If they don’t travel to Australia, it could create a gap in its earnings in the near term that will be hard to fill.
Fellow casino and resorts companies SkyCity Entertainment Group and Star Entertainment Group are also nursing sizeable declines.
Crown Resorts’ failure to alert authorities about a sale of shares to the Macau-based Melco International before the deal was announced publicly could be a breach of its casino licence and raises questions about Crown’s suitability as a casino operator, the counsel assisting a New South Wales inquiry into the casino giant, Adam Bell SC, has said.
The Guardian reports that the inquiry, which began on Tuesday, is expected to call the billionaire businessman James Packer and the Melco International chairman, Lawrence Ho.
It is also expected to hear from a raft of Crown and Melco executives as it seeks to probe whether both Crown and Melco are suitable to exercise control over the high-roller casino licence at Barangaroo in Sydney granted in 2014.

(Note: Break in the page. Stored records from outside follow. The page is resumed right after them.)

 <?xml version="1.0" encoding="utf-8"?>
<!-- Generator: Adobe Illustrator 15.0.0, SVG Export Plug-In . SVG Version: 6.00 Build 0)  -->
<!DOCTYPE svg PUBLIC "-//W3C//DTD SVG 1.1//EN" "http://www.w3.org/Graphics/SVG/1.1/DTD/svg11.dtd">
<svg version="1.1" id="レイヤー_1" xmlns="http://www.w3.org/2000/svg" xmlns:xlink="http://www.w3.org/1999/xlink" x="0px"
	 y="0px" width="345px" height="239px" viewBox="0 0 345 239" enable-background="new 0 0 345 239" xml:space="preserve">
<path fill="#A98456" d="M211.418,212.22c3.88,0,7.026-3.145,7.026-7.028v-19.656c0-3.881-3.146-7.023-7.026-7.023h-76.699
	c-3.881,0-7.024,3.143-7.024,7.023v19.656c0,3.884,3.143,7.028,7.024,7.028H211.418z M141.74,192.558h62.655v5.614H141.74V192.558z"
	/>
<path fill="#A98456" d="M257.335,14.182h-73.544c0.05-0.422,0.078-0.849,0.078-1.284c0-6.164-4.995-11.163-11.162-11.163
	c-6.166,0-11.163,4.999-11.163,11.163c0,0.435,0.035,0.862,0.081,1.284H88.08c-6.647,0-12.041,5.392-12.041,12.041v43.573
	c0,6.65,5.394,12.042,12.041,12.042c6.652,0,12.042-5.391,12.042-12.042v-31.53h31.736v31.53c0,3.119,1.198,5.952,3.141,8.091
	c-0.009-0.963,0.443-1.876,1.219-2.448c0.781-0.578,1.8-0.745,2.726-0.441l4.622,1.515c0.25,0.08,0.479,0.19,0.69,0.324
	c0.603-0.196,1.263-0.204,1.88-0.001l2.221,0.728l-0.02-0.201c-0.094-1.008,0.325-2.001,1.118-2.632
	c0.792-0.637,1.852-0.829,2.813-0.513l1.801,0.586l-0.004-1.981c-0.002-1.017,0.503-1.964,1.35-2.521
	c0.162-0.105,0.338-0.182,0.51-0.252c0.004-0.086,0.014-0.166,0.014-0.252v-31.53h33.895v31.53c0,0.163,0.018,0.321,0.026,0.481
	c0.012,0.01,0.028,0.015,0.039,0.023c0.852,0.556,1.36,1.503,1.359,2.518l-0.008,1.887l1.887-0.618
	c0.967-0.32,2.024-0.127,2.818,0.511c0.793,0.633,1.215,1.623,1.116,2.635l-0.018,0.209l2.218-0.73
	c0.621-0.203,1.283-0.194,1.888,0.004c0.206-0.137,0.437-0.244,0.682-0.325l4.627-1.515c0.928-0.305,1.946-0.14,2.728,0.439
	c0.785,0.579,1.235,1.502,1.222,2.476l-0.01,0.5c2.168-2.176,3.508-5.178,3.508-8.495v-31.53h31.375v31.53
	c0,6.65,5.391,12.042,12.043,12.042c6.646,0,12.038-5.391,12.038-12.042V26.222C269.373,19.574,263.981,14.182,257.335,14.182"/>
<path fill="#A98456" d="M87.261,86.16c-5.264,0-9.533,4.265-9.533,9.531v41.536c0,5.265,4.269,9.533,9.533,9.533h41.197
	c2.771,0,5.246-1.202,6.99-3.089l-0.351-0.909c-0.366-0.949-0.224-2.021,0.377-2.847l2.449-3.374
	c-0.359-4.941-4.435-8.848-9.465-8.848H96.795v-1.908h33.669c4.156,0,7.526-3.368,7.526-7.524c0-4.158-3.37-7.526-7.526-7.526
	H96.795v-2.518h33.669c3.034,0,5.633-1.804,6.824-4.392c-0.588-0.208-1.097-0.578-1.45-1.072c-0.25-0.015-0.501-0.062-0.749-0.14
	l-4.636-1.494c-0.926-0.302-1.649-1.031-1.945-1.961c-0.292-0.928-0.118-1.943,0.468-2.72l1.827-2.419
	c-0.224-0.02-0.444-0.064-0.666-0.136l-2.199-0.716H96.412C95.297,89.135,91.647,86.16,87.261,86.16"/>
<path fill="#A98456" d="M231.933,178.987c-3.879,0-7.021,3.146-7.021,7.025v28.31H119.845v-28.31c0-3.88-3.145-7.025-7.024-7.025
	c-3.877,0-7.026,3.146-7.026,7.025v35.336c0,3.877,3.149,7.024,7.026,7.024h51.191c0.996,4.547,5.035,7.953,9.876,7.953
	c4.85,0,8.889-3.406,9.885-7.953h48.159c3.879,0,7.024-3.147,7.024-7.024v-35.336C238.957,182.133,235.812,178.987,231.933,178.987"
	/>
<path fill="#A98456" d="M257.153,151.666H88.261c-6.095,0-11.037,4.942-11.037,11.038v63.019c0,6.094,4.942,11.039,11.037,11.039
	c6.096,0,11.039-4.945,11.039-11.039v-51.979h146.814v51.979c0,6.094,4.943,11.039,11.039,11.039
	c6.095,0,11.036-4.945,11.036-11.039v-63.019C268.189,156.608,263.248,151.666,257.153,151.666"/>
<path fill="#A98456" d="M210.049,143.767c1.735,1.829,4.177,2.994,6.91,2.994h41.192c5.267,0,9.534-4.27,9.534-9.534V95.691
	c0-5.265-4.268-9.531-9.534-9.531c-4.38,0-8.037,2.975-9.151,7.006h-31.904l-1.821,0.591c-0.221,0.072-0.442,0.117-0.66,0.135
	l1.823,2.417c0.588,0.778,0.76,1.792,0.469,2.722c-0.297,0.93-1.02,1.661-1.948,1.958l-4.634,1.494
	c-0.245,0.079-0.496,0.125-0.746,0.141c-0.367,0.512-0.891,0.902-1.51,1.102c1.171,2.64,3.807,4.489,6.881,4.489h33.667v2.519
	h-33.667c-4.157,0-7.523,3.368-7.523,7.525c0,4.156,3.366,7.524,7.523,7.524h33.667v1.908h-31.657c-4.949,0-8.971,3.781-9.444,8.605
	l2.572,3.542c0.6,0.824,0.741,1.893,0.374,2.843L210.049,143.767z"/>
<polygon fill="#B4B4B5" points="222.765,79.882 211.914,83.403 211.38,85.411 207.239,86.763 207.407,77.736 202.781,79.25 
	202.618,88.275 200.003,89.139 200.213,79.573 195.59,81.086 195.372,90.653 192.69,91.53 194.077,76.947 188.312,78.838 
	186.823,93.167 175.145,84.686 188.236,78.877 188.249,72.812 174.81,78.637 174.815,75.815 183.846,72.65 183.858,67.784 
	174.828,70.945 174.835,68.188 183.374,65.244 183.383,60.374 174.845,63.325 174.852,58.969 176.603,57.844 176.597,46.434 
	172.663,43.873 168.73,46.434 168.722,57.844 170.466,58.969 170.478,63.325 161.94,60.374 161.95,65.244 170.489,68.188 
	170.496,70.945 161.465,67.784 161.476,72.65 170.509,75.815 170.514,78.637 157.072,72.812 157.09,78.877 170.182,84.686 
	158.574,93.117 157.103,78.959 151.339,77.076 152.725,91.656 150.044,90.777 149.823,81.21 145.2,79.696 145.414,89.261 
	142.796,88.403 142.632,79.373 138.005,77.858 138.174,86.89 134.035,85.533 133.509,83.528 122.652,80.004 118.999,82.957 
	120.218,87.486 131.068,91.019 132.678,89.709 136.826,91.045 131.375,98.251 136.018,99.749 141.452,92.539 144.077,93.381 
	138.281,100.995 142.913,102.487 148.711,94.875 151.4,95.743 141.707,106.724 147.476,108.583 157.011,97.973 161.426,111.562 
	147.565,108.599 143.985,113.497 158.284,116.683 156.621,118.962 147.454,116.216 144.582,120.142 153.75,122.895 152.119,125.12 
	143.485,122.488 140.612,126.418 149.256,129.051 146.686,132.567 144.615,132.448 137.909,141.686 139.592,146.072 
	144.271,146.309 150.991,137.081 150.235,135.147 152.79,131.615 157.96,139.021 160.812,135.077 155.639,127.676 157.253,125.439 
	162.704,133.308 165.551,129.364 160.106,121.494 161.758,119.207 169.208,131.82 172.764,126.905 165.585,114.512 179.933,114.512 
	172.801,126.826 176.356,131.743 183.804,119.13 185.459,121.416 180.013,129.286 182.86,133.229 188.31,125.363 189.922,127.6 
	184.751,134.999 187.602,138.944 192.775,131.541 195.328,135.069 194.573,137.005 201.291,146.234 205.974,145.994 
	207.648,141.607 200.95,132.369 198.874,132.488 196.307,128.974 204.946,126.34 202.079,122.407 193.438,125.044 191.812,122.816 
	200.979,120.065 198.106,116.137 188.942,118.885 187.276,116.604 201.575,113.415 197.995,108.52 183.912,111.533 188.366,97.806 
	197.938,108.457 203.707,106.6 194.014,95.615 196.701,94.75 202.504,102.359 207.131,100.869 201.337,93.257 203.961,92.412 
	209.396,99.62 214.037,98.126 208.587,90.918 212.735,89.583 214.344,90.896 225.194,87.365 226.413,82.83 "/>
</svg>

The inquiry was sparked by last year’s announcement that Melco plans to buy 19.9 per cent of Crown from Packer’s CPH Holdings and by allegations of money laundering and the involvement of organised crime in Crown’s Melbourne casino made in the Nine newspapers.
The former supreme court judge Patricia Bergin SC held an open hearing on Tuesday, but the inquiry gets under way in earnest on 24 February, when it will begin the first part of its investigation.
This will look into the vulnerability of casinos to money laundering and the role of junkets and links to organised crime.
A second tranche of hearings is scheduled for March and will look into the sale agreement with Melco and whether the transfer of shares would give rise to any breach of the licence.
A third set of hearings will look into allegations made in the Nine publications about Crown’s involvement with money laundering and organised crime, while two final blocks of the inquiry will look at Melco and the suitability of any close associates, and strengthening future regulation.
In his opening remarks, Bell said Crown had not alerted the casino authority about the CPH-Melco deal ahead of time in order to allow it to assess the suitability of the new shareholder.